By Sophia Papastavrou, Gender Learning Hub Lead for World Vision's Middle East and Eastern Europe regional office
This year marks the 24th year of the 16 Days of Activism Against Gender-Based Violence Campaign whose goal is the elimination of violence against women and girls. Although, as a global community, we have made great strides, there is still much work to be done.
Sometimes I lie awake at night wondering about what kind of future lies ahead for women? What kind of future lies ahead for the future generations? And, what kind of future lies ahead for my four-month old daughter, Anna? It goes without saying that my daughter will be in a place of privilege. Unlike 30 per cent of babies born each year (1), my daughter (and I) have access to high-quality maternal health services. In contrast to the more than 1 billion people who lack access to clean water, my daughter has a nearly unlimited supply. She won’t have to waste her time, potentially miss out on her education and be exposed to danger in order to carry jerry cans back and forth to fetch often filthy water. And, unlike an estimated 62 million girls around the world, Anna will have access to an education and be able to enjoy access to equal opportunities that allow her to learn in a safe environment.
The problem is her ‘privileges’ are not privileges at all. Access to healthcare, clean water and education are all essential human rights; rights that are all too often not extended to women around the world.
Despite all our progress, although women make up half the world's population they continue to represent a staggering 70 per cent of the world's poor. Their economical poverty is just the tip of the iceberg. Many other inequalities, such as lack of access to education, poor nutrition and unequal pay lurk beyond the surface, teaching us that we cannot simply focus on what is visible, we must also address what is invisible. To address the base of the iceberg, we must put resources into women's hands while at the same time promoting gender equality at household and in societal levels while empowering girls and young women to make informed choices.
World Vision’s reporting has found that young girls living in fragile, conflict and transitional societies continue to risk their lives simply to go to school—girls like Malala who was shot in the head as she was on the bus to school. The attack against her and her refusal to stand down from what she believed was right, brought to light the plight of millions of children around the world who are denied an education today. In Afghanistan, there were at least 185 documented attacks on schools and hospitals last year. In Pakistan, 140 students were killed as gunmen went from classroom to classroom. Such violent acts are often attributed to armed groups opposed to girls' education.

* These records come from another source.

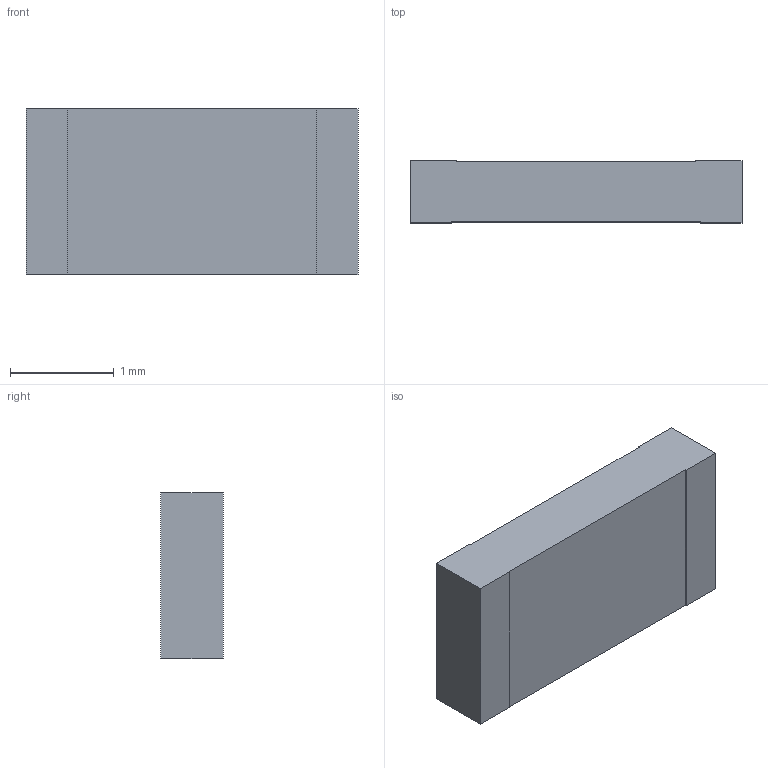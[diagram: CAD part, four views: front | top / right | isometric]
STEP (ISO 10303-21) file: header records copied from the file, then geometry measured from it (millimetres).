
FILE_DESCRIPTION((''),'2;1');
FILE_NAME('RSMD-1206_L3-2_W1-6_H0-6','2021-12-11T',('Dragos'),(''),'PRO/ENGINEER BY PARAMETRIC TECHNOLOGY CORPORATION, 2004440','PRO/ENGINEER BY PARAMETRIC TECHNOLOGY CORPORATION, 2004440','');
FILE_SCHEMA(('AUTOMOTIVE_DESIGN { 1 0 10303 214 1 1 1 1 }'));
Length unit declared in the file: millimetre
Products named in the file (1): RSMD-1206_L3-2_W1-6_H0-6
Bounding box: 3.2 x 0.6 x 1.6 mm (x, y, z)
Volume: 3 mm3; surface area: 16 mm2
Topology: 1 solids, 1 shells, 187 faces, 531 edges, 354 vertices
Faces by surface type: plane 187
Entity records: 7827 total; most frequent: CARTESIAN_POINT 1074, ORIENTED_EDGE 1062, DIRECTION 907, PRESENTATION_STYLE_ASSIGNMENT 552, STYLED_ITEM 533, CURVE_STYLE 532, VECTOR 531, LINE 531
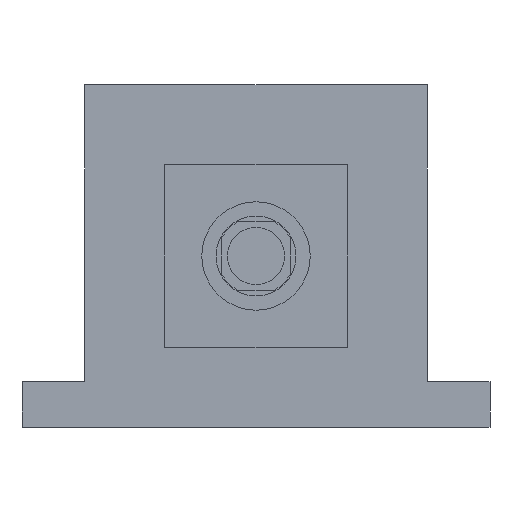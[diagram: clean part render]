
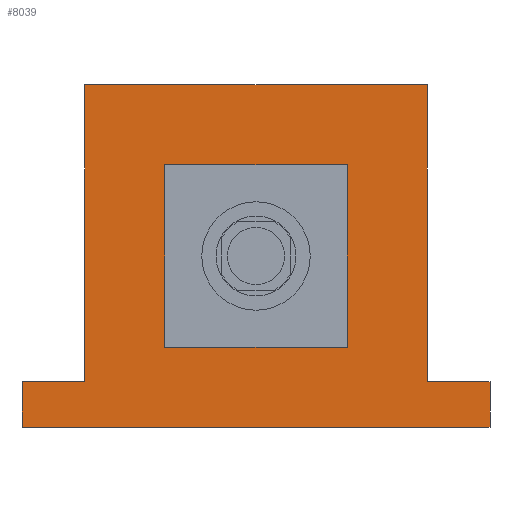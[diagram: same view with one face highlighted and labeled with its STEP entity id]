
A CAD part, front view. The second image highlights one B-rep face of the part: STEP entity #8039.
In plain terms, the highlighted face is planar.
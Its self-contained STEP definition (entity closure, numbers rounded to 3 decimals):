
#837=EDGE_CURVE('',#842,#843,#838,.T.);
#838=LINE('',#839,#840);
#839=CARTESIAN_POINT('',(-130.175,47.625,-69.85));
#840=VECTOR('',#841,1.);
#841=DIRECTION('',(1.,0.,0.));
#842=VERTEX_POINT('',#844);
#843=VERTEX_POINT('',#845);
#844=CARTESIAN_POINT('',(-130.175,47.625,-69.85));
#845=CARTESIAN_POINT('',(-95.25,47.625,-69.85));
#885=VERTEX_POINT('',#887);
#887=CARTESIAN_POINT('',(-130.175,47.625,-95.25));
#888=EDGE_CURVE('',#842,#885,#889,.T.);
#889=LINE('',#890,#891);
#890=CARTESIAN_POINT('',(-130.175,47.625,-69.85));
#891=VECTOR('',#892,1.);
#892=DIRECTION('',(0.,0.,-1.));
#959=EDGE_CURVE('',#964,#965,#960,.T.);
#960=LINE('',#961,#962);
#961=CARTESIAN_POINT('',(130.175,47.625,-69.85));
#962=VECTOR('',#963,1.);
#963=DIRECTION('',(-1.,0.,0.));
#964=VERTEX_POINT('',#966);
#965=VERTEX_POINT('',#967);
#966=CARTESIAN_POINT('',(130.175,47.625,-69.85));
#967=CARTESIAN_POINT('',(95.25,47.625,-69.85));
#1007=VERTEX_POINT('',#1009);
#1009=CARTESIAN_POINT('',(130.175,47.625,-95.25));
#1015=EDGE_CURVE('',#964,#1007,#1016,.T.);
#1016=LINE('',#1017,#1018);
#1017=CARTESIAN_POINT('',(130.175,47.625,-69.85));
#1018=VECTOR('',#1019,1.);
#1019=DIRECTION('',(0.,0.,-1.));
#1074=EDGE_LOOP('',(#1084,#1085,#1086,#1087,#1088,#1089,#1090,#1091));
#1084=ORIENTED_EDGE('',*,*,#1092,.T.);
#1085=ORIENTED_EDGE('',*,*,#1015,.F.);
#1086=ORIENTED_EDGE('',*,*,#959,.T.);
#1087=ORIENTED_EDGE('',*,*,#1097,.T.);
#1088=ORIENTED_EDGE('',*,*,#1104,.T.);
#1089=ORIENTED_EDGE('',*,*,#1111,.T.);
#1090=ORIENTED_EDGE('',*,*,#837,.F.);
#1091=ORIENTED_EDGE('',*,*,#888,.T.);
#1092=EDGE_CURVE('',#885,#1007,#1093,.T.);
#1093=LINE('',#1094,#1095);
#1094=CARTESIAN_POINT('',(-95.25,47.625,-95.25));
#1095=VECTOR('',#1096,1.);
#1096=DIRECTION('',(1.,0.,0.));
#1097=EDGE_CURVE('',#965,#1102,#1098,.T.);
#1098=LINE('',#1099,#1100);
#1099=CARTESIAN_POINT('',(95.25,47.625,-95.25));
#1100=VECTOR('',#1101,1.);
#1101=DIRECTION('',(0.,0.,1.));
#1102=VERTEX_POINT('',#1103);
#1103=CARTESIAN_POINT('',(95.25,47.625,95.25));
#1104=EDGE_CURVE('',#1102,#1109,#1105,.T.);
#1105=LINE('',#1106,#1107);
#1106=CARTESIAN_POINT('',(95.25,47.625,95.25));
#1107=VECTOR('',#1108,1.);
#1108=DIRECTION('',(-1.,0.,0.));
#1109=VERTEX_POINT('',#1110);
#1110=CARTESIAN_POINT('',(-95.25,47.625,95.25));
#1111=EDGE_CURVE('',#1109,#843,#1112,.T.);
#1112=LINE('',#1113,#1114);
#1113=CARTESIAN_POINT('',(-95.25,47.625,95.25));
#1114=VECTOR('',#1115,1.);
#1115=DIRECTION('',(0.,0.,-1.));
#1666=FACE_OUTER_BOUND('',#1668,.T.);
#1667=FACE_BOUND('',#1074,.T.);
#1668=EDGE_LOOP('',(#1670,#1671,#1672,#1673));
#1670=ORIENTED_EDGE('',*,*,#1674,.T.);
#1671=ORIENTED_EDGE('',*,*,#1683,.T.);
#1672=ORIENTED_EDGE('',*,*,#1690,.T.);
#1673=ORIENTED_EDGE('',*,*,#1697,.T.);
#1674=EDGE_CURVE('',#1679,#1680,#1675,.T.);
#1675=LINE('',#1676,#1677);
#1676=CARTESIAN_POINT('',(-50.8,47.625,50.8));
#1677=VECTOR('',#1678,1.);
#1678=DIRECTION('',(1.,0.,0.));
#1679=VERTEX_POINT('',#1681);
#1680=VERTEX_POINT('',#1682);
#1681=CARTESIAN_POINT('',(-50.8,47.625,50.8));
#1682=CARTESIAN_POINT('',(50.8,47.625,50.8));
#1683=EDGE_CURVE('',#1680,#1688,#1684,.T.);
#1684=LINE('',#1685,#1686);
#1685=CARTESIAN_POINT('',(50.8,47.625,50.8));
#1686=VECTOR('',#1687,1.);
#1687=DIRECTION('',(0.,0.,-1.));
#1688=VERTEX_POINT('',#1689);
#1689=CARTESIAN_POINT('',(50.8,47.625,-50.8));
#1690=EDGE_CURVE('',#1688,#1695,#1691,.T.);
#1691=LINE('',#1692,#1693);
#1692=CARTESIAN_POINT('',(50.8,47.625,-50.8));
#1693=VECTOR('',#1694,1.);
#1694=DIRECTION('',(-1.,0.,0.));
#1695=VERTEX_POINT('',#1696);
#1696=CARTESIAN_POINT('',(-50.8,47.625,-50.8));
#1697=EDGE_CURVE('',#1695,#1679,#1698,.T.);
#1698=LINE('',#1699,#1700);
#1699=CARTESIAN_POINT('',(-50.8,47.625,-50.8));
#1700=VECTOR('',#1701,1.);
#1701=DIRECTION('',(0.,0.,1.));
#1734=PLANE('',#1735);
#1735=AXIS2_PLACEMENT_3D('',#1736,#1737,#1738);
#1736=CARTESIAN_POINT('',(-95.25,47.625,-95.25));
#1737=DIRECTION('',(0.,-1.,0.));
#1738=DIRECTION('',(1.,0.,0.));
#8039=ADVANCED_FACE('',(#1666,#1667),#1734,.T.);

Violence against women often starts before they are even born and continues throughout their lives. In Armenia, World Vision is working to reduce sex-selective abortion. The impact of this project has showed strong indicators of success, including a decline in domestic violence, increased school enrollment, and an increase in shared responsibility for child caregiving. As a result, 43.2 per cent of participants mentioned at least three changes in their perceptions/attitudes/behaviours regarding gender equality. In Lebanon and Jerusalem, West Bank, and Gaza, World Vision is working with local partners to raise awareness of domestic violence and abuse. In Albania, we are helping girls, like Merushe Tojalli, 16, reach their dreams of a secondary education. “For most of my young life I was planning on and living [to reach my] dream to become a doctor,” she says. But, like many girls across Albania, Merushe’s dream was crushed when it came face-to-face with the harsh reality. As if poverty wasn’t enough of a hurdle, Merushe also faced the added level of traditional barriers. “I ran into the cold cultural wall blocking females from higher education,” she says. Merushe is one of the girls who participated in the campaign and advocated for access to education. She was at in the eighth grade at the time. She never knew that the next year she would find herself on the same path as the girls she was advocating for.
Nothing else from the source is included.